__Supplied records__.

"""

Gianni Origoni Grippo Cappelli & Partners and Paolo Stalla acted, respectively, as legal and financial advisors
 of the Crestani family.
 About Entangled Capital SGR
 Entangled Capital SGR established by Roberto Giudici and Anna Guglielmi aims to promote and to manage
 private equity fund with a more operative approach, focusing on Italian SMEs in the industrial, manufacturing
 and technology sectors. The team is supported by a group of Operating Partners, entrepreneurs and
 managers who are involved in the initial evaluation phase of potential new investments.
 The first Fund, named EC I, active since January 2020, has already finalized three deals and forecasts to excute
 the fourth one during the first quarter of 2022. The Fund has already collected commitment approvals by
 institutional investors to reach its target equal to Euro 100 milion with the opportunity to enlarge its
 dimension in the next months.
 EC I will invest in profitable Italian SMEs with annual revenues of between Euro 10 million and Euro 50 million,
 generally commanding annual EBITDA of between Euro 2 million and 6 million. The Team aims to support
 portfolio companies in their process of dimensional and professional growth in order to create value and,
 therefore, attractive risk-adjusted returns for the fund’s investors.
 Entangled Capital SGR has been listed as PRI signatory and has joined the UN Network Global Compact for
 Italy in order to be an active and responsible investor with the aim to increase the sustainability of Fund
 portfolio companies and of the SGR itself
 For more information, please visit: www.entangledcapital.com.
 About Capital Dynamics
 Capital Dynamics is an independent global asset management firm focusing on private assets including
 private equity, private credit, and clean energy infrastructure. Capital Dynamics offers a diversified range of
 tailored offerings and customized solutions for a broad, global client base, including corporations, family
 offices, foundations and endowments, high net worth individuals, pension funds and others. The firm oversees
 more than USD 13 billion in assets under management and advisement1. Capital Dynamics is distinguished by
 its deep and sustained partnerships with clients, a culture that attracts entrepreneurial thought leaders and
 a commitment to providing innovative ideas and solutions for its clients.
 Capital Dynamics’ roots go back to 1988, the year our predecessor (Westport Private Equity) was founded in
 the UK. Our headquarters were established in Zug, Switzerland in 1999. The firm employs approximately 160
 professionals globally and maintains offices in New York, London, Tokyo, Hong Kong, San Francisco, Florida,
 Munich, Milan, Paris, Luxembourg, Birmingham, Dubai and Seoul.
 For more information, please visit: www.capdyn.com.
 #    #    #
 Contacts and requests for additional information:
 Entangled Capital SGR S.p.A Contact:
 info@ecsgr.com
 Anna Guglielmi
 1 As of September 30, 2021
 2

"""

__Work required__.
Copy each line above that has the word "order".

__Answer section__.
 portfolio companies in their process of dimensional and professional growth in order to create value and,
 Italy in order to be an active and responsible investor with the aim to increase the sustainability of Fund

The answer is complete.